As part of phase II studies, the present investigation aimed at assessing the brain distribution of 2-18F-fluoro-A-85380 in healthy volunteers. To quantify 2-18F-fluoro-A-85380 regional cerebral distribution volumes (DVs), 2 methods were compared: compartmental kinetic modeling and Logan graphical analysis (13). Due to the slow kinetics of the ligand, which is a drawback for its use in patients, the effect of reducing the study duration was also evaluated for each method to determine the shortest PET scan duration providing reliable results.
MATERIALS AND METHODS
Radiopharmaceutical
2-Fluoro-A-85380 was labeled with the positron emitter 18F by no-carrier-added nucleophilic aromatic substitution by the K18F–F-K222 complex with (3-[2(S)-N-(t-butoxycarbonyl)-2-azetidinylmethoxy]pyridin-2-yl)trimethylammonium trifluoromethanesulfonate (where t-butoxycarbonyl is Boc) as a highly efficient labeling precursor, followed by trifluoroacetic acid removal of the Boc protective group (6).
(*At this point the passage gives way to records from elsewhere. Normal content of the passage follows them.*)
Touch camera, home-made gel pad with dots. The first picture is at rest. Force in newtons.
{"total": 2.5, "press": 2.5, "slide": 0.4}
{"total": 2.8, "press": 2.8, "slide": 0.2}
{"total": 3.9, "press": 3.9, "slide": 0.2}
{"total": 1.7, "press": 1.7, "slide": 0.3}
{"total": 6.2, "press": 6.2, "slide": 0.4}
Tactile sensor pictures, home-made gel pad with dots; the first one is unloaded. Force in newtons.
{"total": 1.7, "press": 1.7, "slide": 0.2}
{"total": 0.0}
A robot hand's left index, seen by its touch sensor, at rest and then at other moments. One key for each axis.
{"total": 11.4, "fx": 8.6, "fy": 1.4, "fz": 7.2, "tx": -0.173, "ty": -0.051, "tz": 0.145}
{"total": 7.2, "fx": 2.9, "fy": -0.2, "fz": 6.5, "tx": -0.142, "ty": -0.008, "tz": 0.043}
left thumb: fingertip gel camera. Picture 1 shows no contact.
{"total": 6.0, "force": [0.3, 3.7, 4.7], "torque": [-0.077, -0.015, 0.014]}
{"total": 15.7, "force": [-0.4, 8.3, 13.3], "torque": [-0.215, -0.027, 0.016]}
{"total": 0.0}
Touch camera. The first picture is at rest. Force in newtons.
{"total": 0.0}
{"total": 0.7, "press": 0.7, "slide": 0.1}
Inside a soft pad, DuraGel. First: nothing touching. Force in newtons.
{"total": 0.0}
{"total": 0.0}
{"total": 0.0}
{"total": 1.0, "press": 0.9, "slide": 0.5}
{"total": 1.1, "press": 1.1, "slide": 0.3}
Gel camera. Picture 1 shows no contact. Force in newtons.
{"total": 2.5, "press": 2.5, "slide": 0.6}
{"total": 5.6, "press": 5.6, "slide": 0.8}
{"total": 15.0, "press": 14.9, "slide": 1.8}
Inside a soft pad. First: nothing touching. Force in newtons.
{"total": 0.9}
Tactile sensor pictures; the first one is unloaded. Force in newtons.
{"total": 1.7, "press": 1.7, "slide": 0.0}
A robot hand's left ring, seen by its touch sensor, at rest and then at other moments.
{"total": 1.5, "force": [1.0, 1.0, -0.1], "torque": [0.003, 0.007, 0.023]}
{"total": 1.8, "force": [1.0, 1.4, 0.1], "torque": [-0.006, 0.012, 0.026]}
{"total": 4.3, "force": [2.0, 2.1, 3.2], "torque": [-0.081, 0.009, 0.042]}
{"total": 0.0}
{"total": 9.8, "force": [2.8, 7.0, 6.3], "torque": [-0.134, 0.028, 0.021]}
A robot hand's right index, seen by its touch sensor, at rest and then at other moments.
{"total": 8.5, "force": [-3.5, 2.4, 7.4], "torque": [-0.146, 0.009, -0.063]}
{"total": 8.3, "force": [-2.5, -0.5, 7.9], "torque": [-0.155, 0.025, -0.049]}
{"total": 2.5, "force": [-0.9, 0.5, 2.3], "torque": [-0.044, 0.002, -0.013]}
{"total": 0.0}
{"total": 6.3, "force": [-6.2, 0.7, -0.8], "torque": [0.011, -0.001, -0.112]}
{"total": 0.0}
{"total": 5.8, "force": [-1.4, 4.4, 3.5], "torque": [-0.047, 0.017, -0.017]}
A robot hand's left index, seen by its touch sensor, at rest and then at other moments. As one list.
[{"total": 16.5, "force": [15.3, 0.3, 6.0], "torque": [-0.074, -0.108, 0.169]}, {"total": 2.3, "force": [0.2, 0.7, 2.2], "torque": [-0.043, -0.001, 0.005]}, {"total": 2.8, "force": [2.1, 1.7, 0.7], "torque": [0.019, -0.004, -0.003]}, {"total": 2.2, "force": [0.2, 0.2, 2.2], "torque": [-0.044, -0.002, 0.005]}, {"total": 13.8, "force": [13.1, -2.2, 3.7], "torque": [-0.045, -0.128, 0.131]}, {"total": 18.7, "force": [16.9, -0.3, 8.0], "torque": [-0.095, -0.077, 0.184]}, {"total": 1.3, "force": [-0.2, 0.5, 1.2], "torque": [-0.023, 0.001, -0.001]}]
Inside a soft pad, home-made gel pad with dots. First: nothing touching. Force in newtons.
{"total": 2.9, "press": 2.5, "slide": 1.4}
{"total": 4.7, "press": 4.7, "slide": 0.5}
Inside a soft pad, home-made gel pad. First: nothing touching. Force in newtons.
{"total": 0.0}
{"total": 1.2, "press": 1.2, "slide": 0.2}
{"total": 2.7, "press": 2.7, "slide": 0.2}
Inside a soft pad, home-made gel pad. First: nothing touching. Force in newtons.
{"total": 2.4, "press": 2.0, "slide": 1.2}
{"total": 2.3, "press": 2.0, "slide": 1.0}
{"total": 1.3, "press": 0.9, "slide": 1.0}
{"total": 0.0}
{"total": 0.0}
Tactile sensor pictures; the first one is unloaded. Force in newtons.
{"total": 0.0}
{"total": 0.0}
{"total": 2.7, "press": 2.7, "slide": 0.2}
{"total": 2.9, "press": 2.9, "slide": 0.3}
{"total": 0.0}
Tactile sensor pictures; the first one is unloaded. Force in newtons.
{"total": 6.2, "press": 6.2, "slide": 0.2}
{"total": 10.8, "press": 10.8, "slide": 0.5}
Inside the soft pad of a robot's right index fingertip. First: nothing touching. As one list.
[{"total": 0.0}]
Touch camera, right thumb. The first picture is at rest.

The total synthesis time was 50–55 min from the end of the cyclotron 18F production. Radiochemical yields, with respect to initial 18F-fluoride ion radioactivity, were 68%–72% (decay corrected). The specific radioactivities at the end of the synthesis were 148–222 GBq/μmol.
Subjects
The Medical Bioethics Committee of the Medical Centre at the University of Paris XI approved this study. Seven healthy male volunteers, with a mean age of 27.7 y (range, 23–37 y) and a mean weight of 71.7 kg (range, 54–92 kg) gave their written informed consent for participation in the study. The subjects were free of medical illness on the basis of screening by medical history, physical examination, serum chemical analysis, complete blood cell count, and urine analysis. All were nonsmokers, as demonstrated by the negative plasma cotinine determination. A standard 12-lead electrocardiogram was obtained for screening purposes. Serum chemical analysis, complete blood cell count, and urine analysis were performed before and within a week after completion of the PET study.
Experimental Protocols
Each subject underwent 1 PET scan and 1 T1-weighted MR scan, the latter to identify anatomic brain regions.
PET Procedures
PET experiments were performed with a CTI HR+ Exact positron tomograph (CPS Innovations). This scanner allows simultaneous acquisition in 3-dimensional (3D) mode of 63 slices with an isotropic intrinsic resolution of 4.5 mm (14). The subjects were in the supine position, with the head in the middle of the field of view of the camera. The head was maintained using a molded thermoplastic mask. A transmission scan was acquired for 15 min using 3 retractable 68Ge rod sources. 2-18F-Fluoro-A-85380 was then intravenously injected (189 ± 30 MBq, 0.8–5.7 nmol) as a 1-min bolus and the emission scan was started. A dynamic series was acquired with sampling times of 1 × 20 s, 10 × 10 s, 3 × 20 s, 3 × 1 min, 2 × 2 min, 10 × 3 min, 16 × 5 min, and 3 × 10 min for a total acquisition of 150 min. The subjects were then removed from the gantry and repositioned in the PET scanner 60 min later. The second dynamic series consisted of three 10-min images followed by an acquisition of a second short transmission scan (5 min). The first dynamic images were corrected for attenuation using the transmission scan data acquired before the injection. For the second dynamic series, attenuation correction was performed using the final transmission scan data, after segmentation of the attenuation map (15). The first 2 subjects had a single acquisition that lasted 120 min.
Arterial Blood Sampling
During the PET acquisition, 33 arterial blood samples (1 mL each) were withdrawn from the radial artery at designated times. Blood and plasma radioactivities were measured in a cross-calibrated γ-counter (Cobra Quantum D5003; Perkin-Elmer), and the activity was corrected for 18F decay from the time of the injection.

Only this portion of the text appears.